» EXERCISE DETAILS:
Reprint each record exactly. Pictures are not reprinted.

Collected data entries
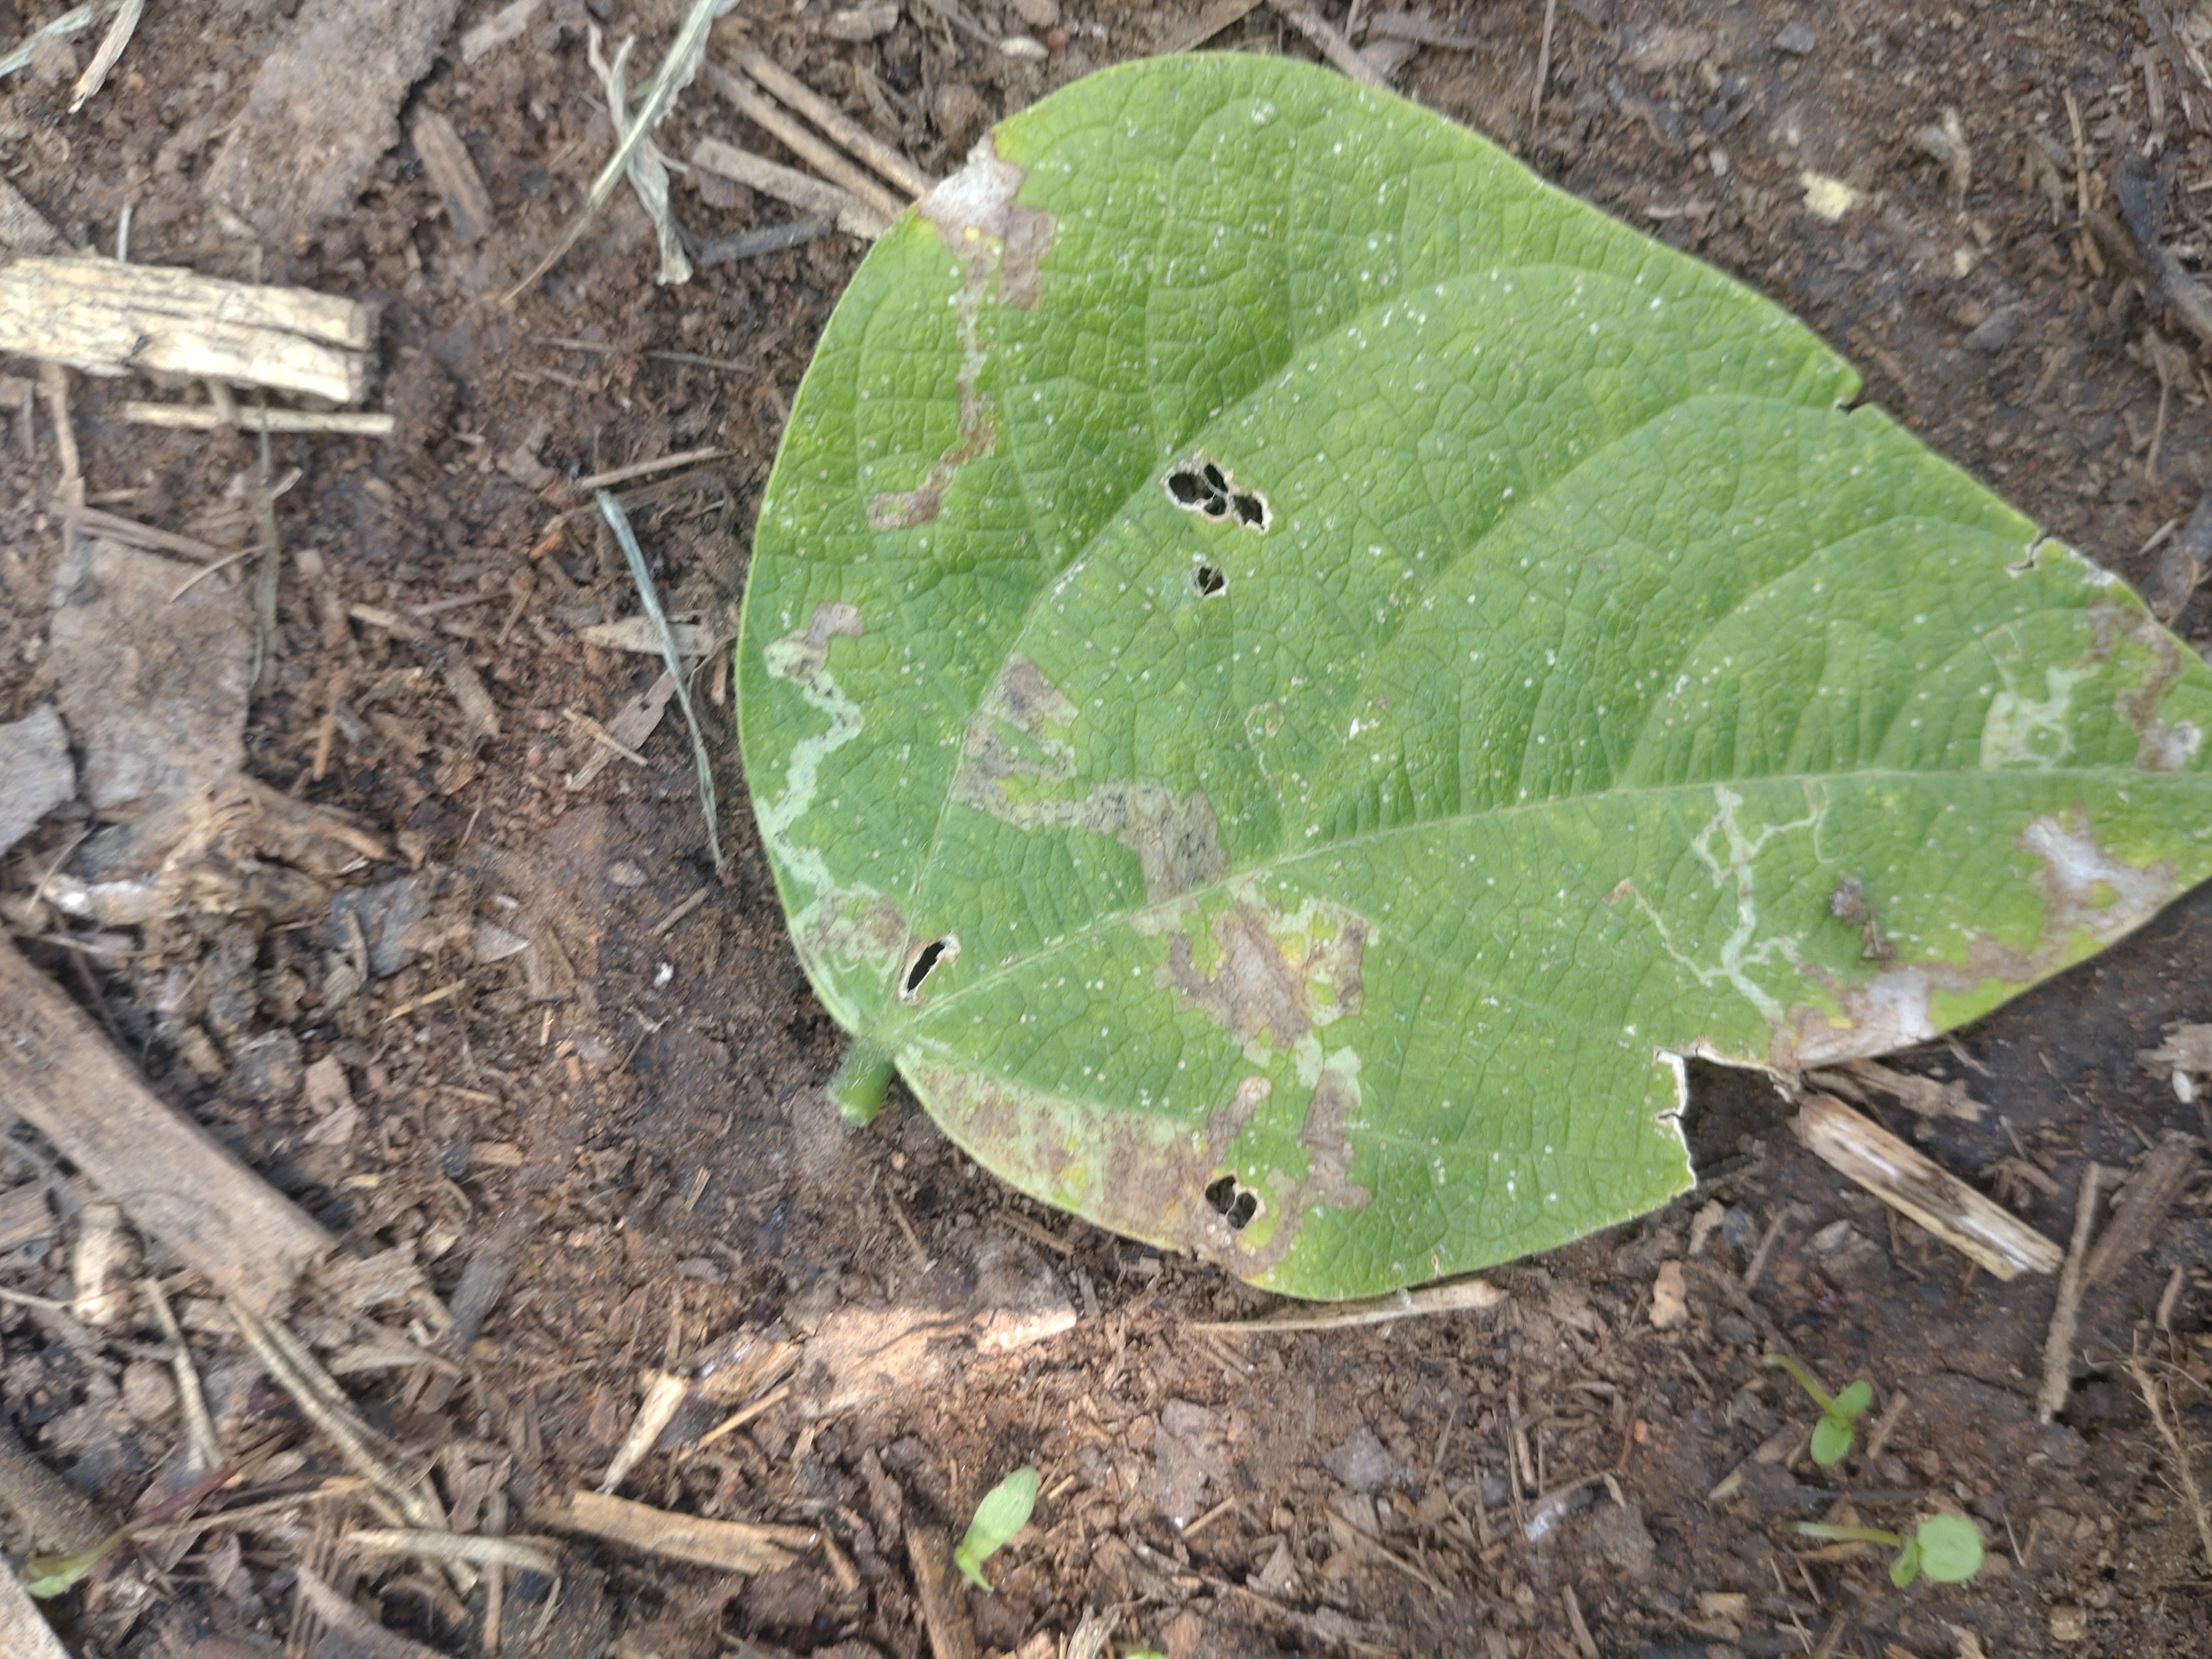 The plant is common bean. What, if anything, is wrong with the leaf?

anthracnose
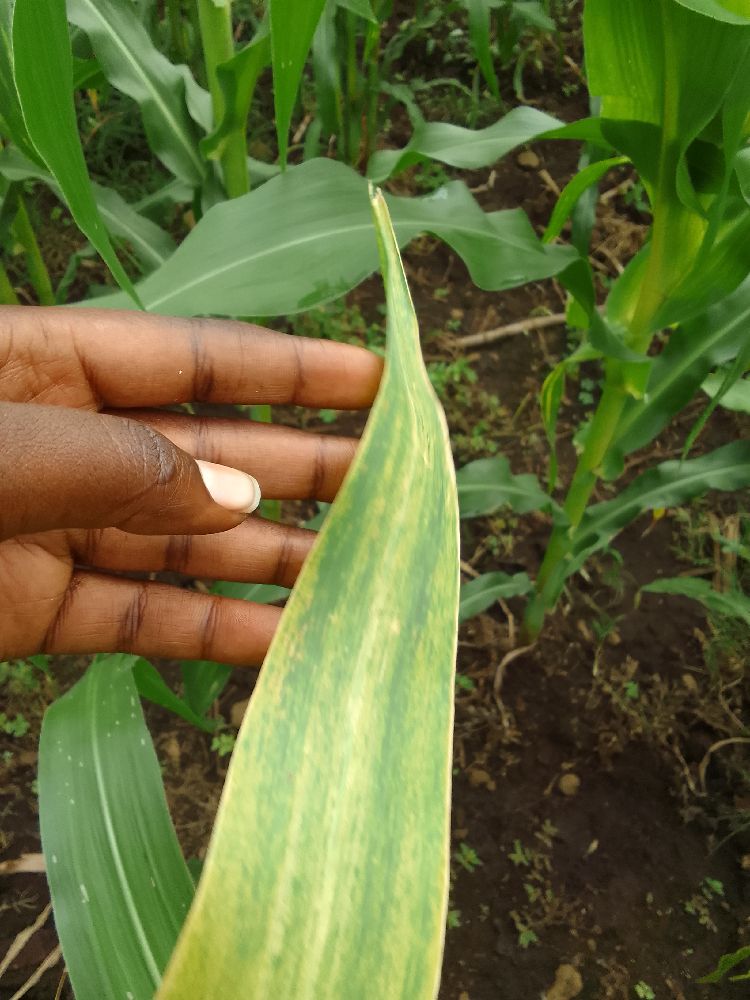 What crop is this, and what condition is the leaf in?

maize, maize lethal necrosis
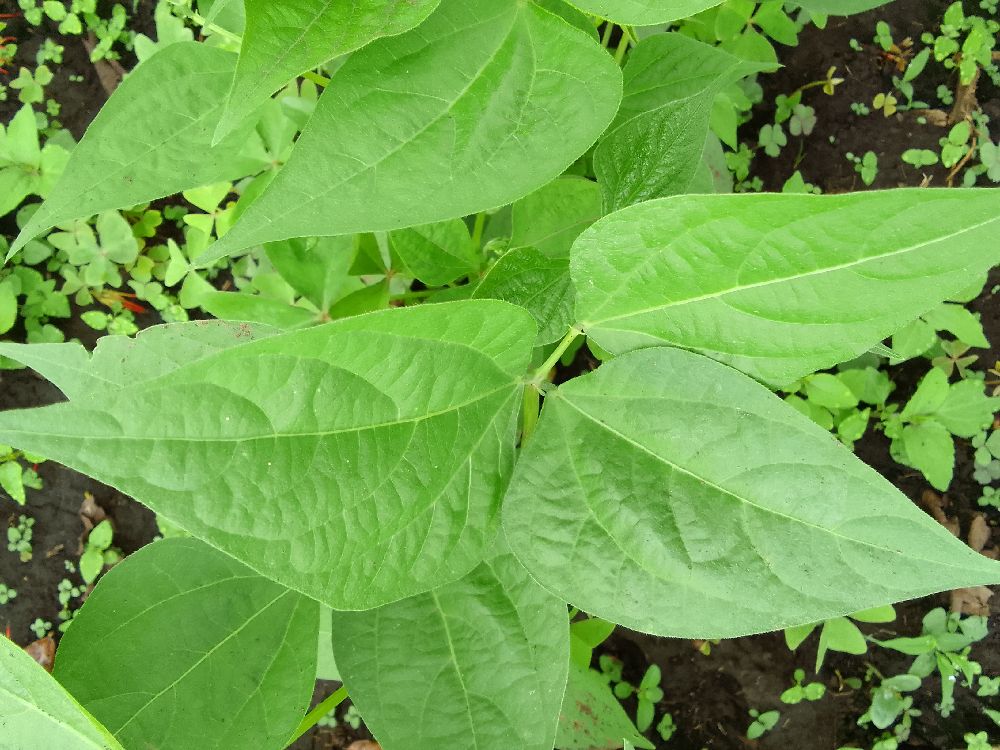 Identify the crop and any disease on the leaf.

common bean, healthy
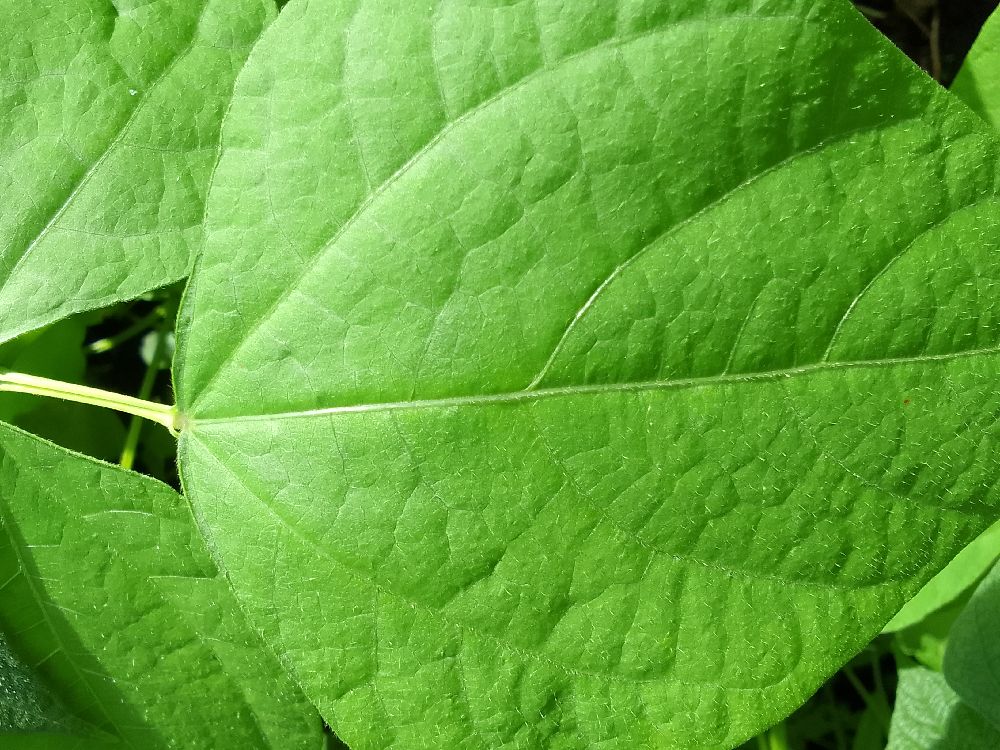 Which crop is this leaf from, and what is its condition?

common bean, healthy
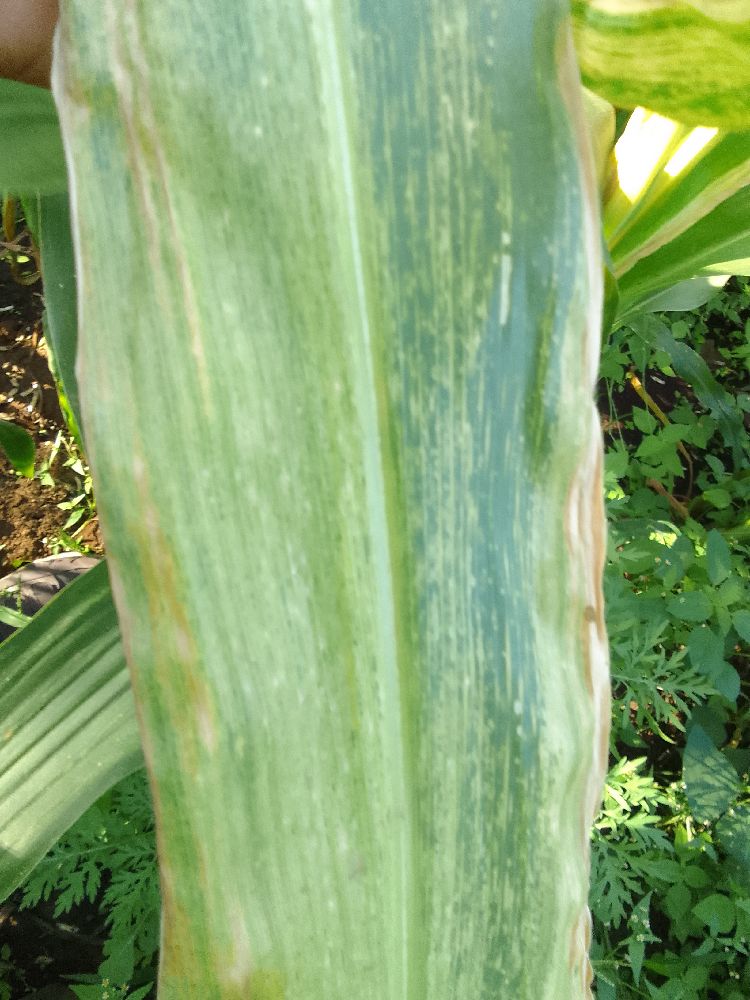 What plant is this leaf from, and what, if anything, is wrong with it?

» ANSWER TO THE PROBLEM:
 The plant is common bean. What, if anything, is wrong with the leaf?

anthracnose
 What crop is this, and what condition is the leaf in?

maize, maize lethal necrosis
 Identify the crop and any disease on the leaf.

common bean, healthy
 Which crop is this leaf from, and what is its condition?

common bean, healthy
 What plant is this leaf from, and what, if anything, is wrong with it?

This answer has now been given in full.